また、φ≠0の場合、回折格子16の回折効率sが小さい方が、放射モード光BOUTに導入される位相遅延量Phが大きくなることがわかる。つまり、回折効率sが小さいほどグラフの傾きが大きい。換言すれば、回折効率sが小さいほど位相遅延量Phの傾き(変化率)が大きい。
より具体的には、s=0.1(グラフ1)の傾き(位相遅延量Phの変化率)は、s=1(グラフ4)の約400倍である。s=0.2(グラフ2)の傾きは、s=1の約100倍である。s=0.3(グラフ3)の傾きは、s=1の約50倍である。
ここで、図4(A)〜図4(C)を参照して、回折格子16の回折効率sの変更方法について簡単に説明する。
図4(A1)及び(A2)は、回折格子16の要部拡大断面図である。図4(A1)及び(A2)に示すように、回折効率sは、回折格子16のデューティー比を変えることにより、変更することが可能である。ここで、デューティー比とは、格子間隔Lに対する、回折格子16の1個の凸部16aの長さLaの比率(La/L)を百分率で表示したものである。

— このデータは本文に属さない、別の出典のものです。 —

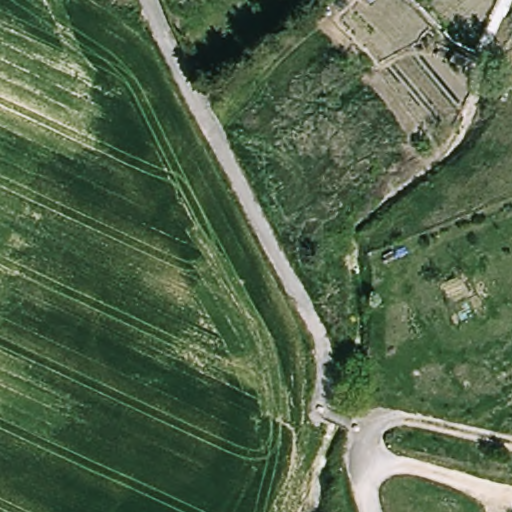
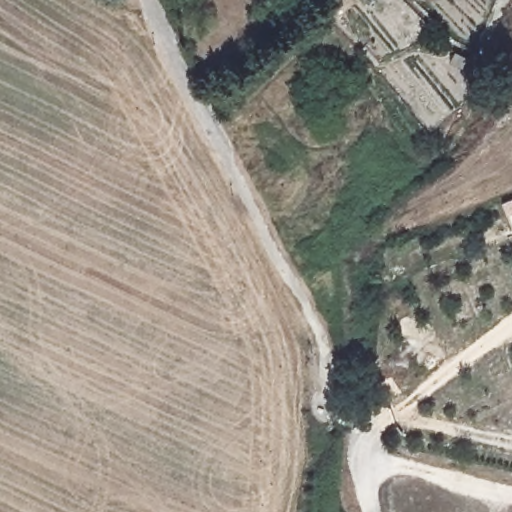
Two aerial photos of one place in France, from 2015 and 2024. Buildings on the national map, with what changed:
[]

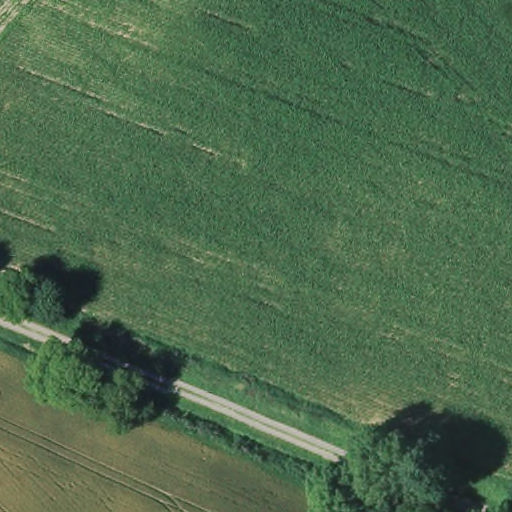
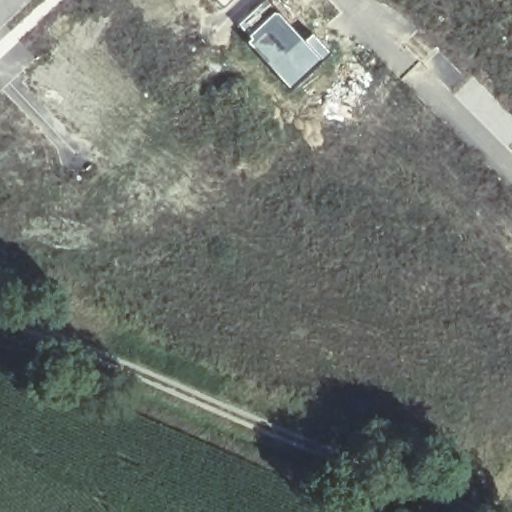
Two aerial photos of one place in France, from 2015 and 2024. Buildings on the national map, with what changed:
new [(223,11),(212,0),(234,0),(223,11)]
new [(263,0),(267,0),(303,39),(312,32),(330,53),(289,91),(243,40),(246,38),(236,26),(263,0)]

図4(A1)に示したように、デューティー比を50%に近づければ近づけるほど、回折格子16の回折効率sは1に近づく。反対に、図4(A2)に示したように、デューティー比を0%又は100%のどちらか一方に近づければ近づけるほど、回折格子16の回折効率sは0(零)に近づく。

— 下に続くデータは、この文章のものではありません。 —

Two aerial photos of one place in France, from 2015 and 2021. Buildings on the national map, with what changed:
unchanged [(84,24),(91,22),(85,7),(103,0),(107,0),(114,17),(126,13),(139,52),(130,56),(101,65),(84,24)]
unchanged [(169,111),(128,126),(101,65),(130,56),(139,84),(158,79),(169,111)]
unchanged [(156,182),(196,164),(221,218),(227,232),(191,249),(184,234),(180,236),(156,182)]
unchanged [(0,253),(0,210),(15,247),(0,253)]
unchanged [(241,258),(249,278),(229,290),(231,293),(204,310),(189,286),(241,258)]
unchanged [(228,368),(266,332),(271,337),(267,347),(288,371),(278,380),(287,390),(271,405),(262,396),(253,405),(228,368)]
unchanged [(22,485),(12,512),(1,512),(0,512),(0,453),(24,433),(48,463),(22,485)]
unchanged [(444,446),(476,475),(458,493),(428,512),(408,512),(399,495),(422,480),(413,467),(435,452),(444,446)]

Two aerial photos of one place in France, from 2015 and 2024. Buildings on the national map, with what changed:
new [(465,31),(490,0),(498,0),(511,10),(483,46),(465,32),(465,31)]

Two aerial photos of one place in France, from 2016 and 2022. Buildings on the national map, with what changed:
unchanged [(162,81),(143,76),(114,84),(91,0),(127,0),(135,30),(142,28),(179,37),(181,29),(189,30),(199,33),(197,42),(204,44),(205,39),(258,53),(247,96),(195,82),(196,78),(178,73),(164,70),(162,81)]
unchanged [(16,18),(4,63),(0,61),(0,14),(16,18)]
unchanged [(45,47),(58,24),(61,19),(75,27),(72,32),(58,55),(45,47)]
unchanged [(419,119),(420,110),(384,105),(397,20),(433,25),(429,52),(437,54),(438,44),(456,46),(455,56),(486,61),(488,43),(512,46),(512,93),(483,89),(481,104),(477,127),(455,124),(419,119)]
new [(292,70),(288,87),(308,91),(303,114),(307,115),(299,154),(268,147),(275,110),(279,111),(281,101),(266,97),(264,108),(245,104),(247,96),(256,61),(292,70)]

なお、デューティー比を50%に近づければ回折効率sが増加するという関係は、レリーフ型回折格子及び屈折率変調型回折格子の双方に成り立つ。
図4(B1)及び(B2)は、回折格子16の要部拡大断面図である。図4(B1)及び(B2)に示すように、回折効率sは、凸部16aの高さHを変えることにより、変更することが可能である。

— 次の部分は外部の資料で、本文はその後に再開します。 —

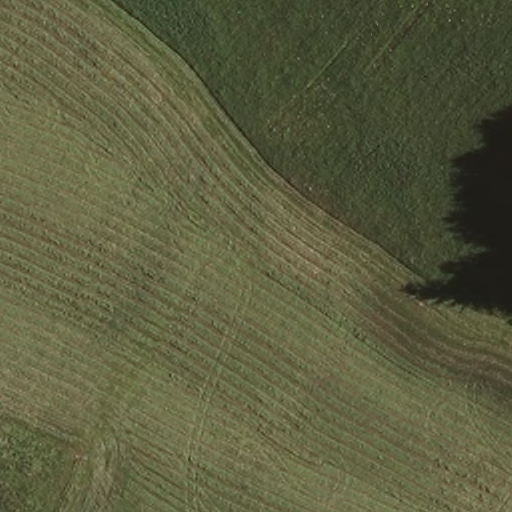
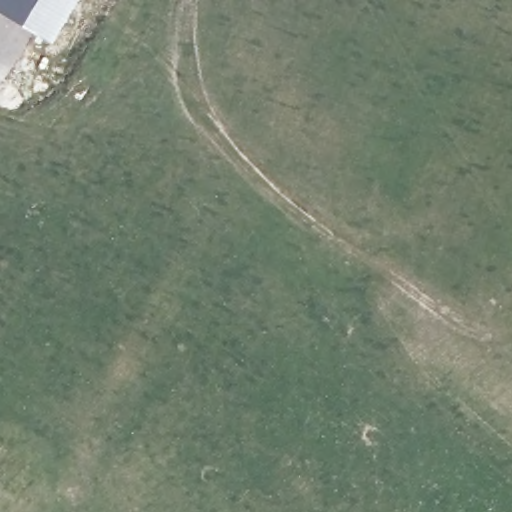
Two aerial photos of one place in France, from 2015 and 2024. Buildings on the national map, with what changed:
new [(0,13),(0,0),(79,0),(54,44),(0,13)]

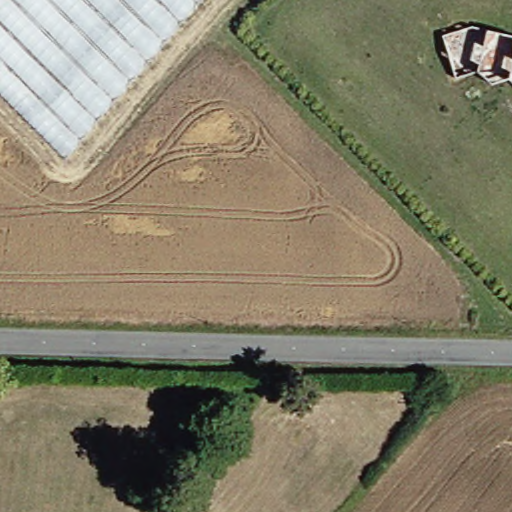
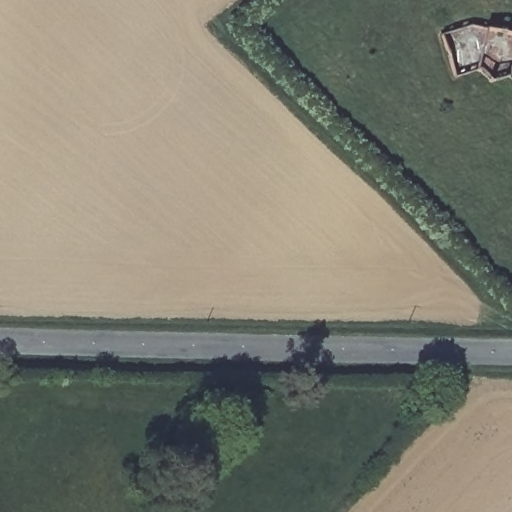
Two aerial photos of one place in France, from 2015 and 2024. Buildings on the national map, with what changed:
demolished [(0,100),(0,0),(196,0),(61,159),(0,100)]
new [(443,35),(474,26),(487,29),(512,37),(512,80),(509,77),(489,83),(477,71),(456,78),(443,35)]

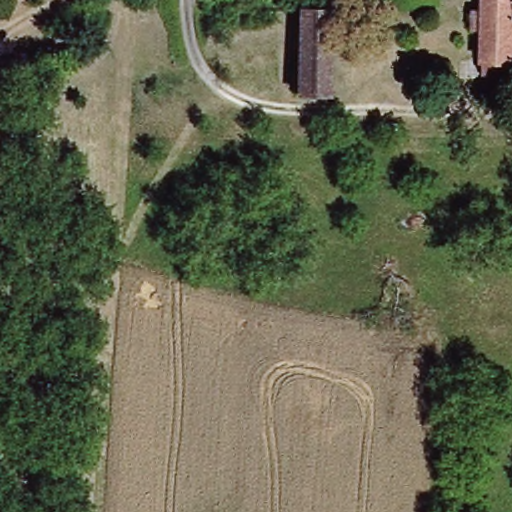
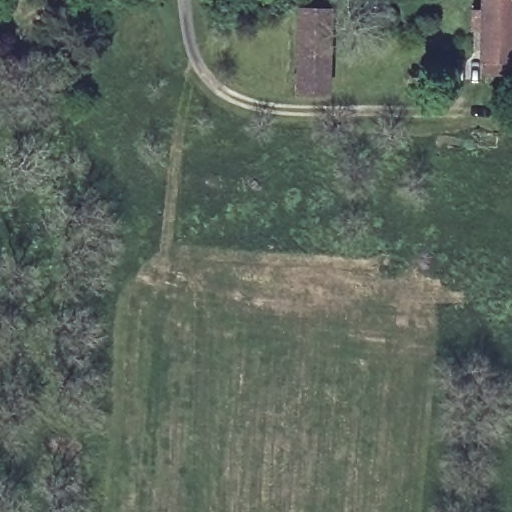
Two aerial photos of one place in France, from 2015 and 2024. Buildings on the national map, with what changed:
unchanged [(483,0),(512,0),(512,63),(482,63),(483,0)]
unchanged [(302,8),(339,8),(339,93),(301,93),(302,8)]
unchanged [(482,63),(512,63),(512,118),(480,116),(482,63)]

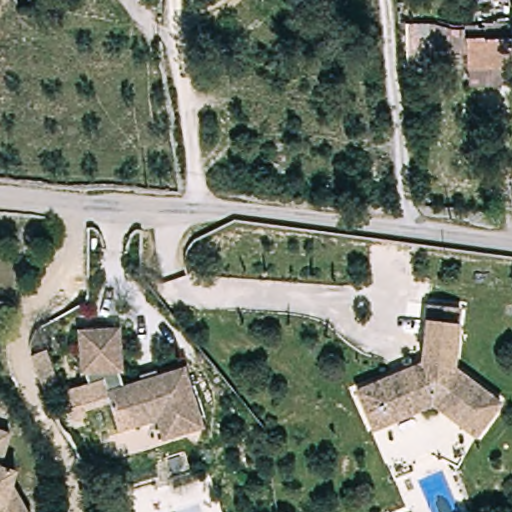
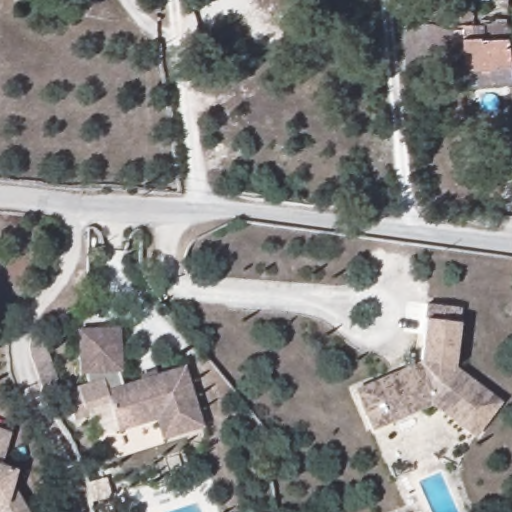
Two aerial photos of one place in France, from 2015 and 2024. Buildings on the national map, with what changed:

図4(B1)に示したように、凸部16aの高さHを高くするほど、回折格子16の回折効率sは大きくなっていく。反対に、図4(B2)に示したように、凸部16aの高さHを低くするほど、回折格子16の回折効率sは小さくなっていく。
図4(C1)及び(C2)は、回折格子16を導波路14とともに示した要部拡大平面図である。ここで、導波路14が延在する面内で、導波モード光Bの伝播方向に直交する方向に沿って測った回折格子16の凸部16aの幅をDとする。
このとき、図4(C1)に示したように、回折格子16の凸部16aの幅Dが導波路14の幅に近ければ近いほど回折格子16の回折効率sは大きくなっていく。反対に、図4(C2)に示したように、凸部16aの幅Dが小さいほど、回折格子16の回折効率sは小さくなっていく。
次に、フィルタ10の奏する効果について説明する。
<効果1>
従来技術のFBGは、光ファイバ内を伝播する光だけしか取り扱うことができなかった。しかし、この発明のフィルタ10では、空間光を取り扱うことができる。より詳細には、フィルタ10に入射する入射光BIN(空間光)に含まれる特定波長の光成分BIN(λ)に対して、回折効率sで定まる位相遅延を導入し、位相遅延量Phの放射モード光BOUT(空間光)を出射させることができる。
<効果2>
図3に示したように、回折効率sの小さい回折格子16を用いることにより、位相遅延量Phを増強することができる。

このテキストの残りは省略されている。